→ Data extracts
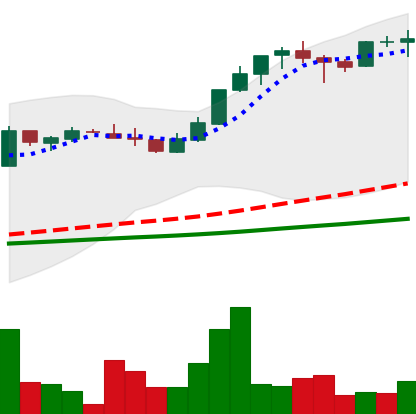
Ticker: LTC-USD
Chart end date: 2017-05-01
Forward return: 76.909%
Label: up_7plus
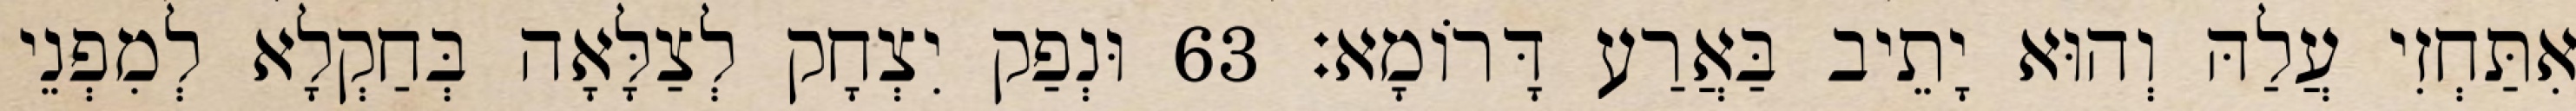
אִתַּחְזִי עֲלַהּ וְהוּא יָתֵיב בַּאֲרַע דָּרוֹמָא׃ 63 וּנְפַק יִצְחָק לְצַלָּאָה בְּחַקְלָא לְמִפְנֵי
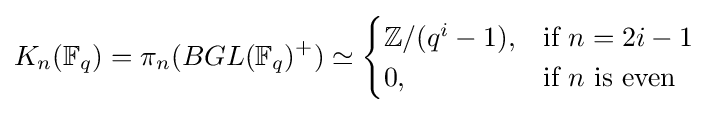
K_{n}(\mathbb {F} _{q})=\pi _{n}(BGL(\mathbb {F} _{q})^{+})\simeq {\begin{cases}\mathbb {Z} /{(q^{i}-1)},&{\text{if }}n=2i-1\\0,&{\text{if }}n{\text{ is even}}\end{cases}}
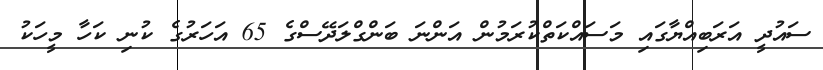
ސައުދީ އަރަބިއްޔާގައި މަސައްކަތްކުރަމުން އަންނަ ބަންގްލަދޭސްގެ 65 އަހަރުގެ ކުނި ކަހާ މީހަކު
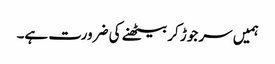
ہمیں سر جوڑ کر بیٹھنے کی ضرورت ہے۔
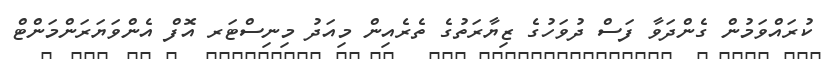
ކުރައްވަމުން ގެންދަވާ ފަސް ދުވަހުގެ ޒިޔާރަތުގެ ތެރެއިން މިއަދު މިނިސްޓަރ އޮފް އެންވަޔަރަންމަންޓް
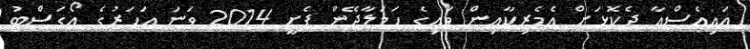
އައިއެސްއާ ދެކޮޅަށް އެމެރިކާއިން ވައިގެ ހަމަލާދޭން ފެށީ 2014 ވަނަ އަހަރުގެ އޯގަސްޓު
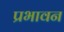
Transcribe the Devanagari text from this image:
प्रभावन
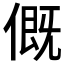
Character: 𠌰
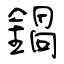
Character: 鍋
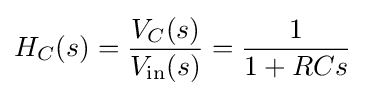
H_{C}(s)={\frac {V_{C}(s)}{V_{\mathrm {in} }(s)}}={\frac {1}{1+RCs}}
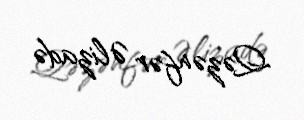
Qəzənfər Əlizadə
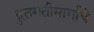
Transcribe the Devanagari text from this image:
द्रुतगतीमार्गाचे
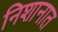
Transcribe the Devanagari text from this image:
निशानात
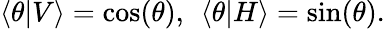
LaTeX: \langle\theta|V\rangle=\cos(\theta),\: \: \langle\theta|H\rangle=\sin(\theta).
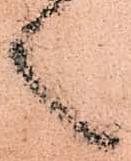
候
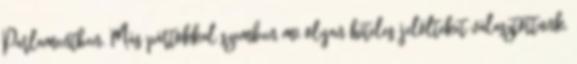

→ Try it
Could you write out, word for word, the lines from the one containing "Character: 鍋" through the last line of the records, leaving out the pictures?

→ Solution to this exercise
Character: 鍋
H_{C}(s)={\frac {V_{C}(s)}{V_{\mathrm {in} }(s)}}={\frac {1}{1+RCs}}
Qəzənfər Əlizadə
Transcribe the Devanagari text from this image:
द्रुतगतीमार्गाचे
Transcribe the Devanagari text from this image:
निशानात
LaTeX: \langle\theta|V\rangle=\cos(\theta),\: \: \langle\theta|H\rangle=\sin(\theta).
候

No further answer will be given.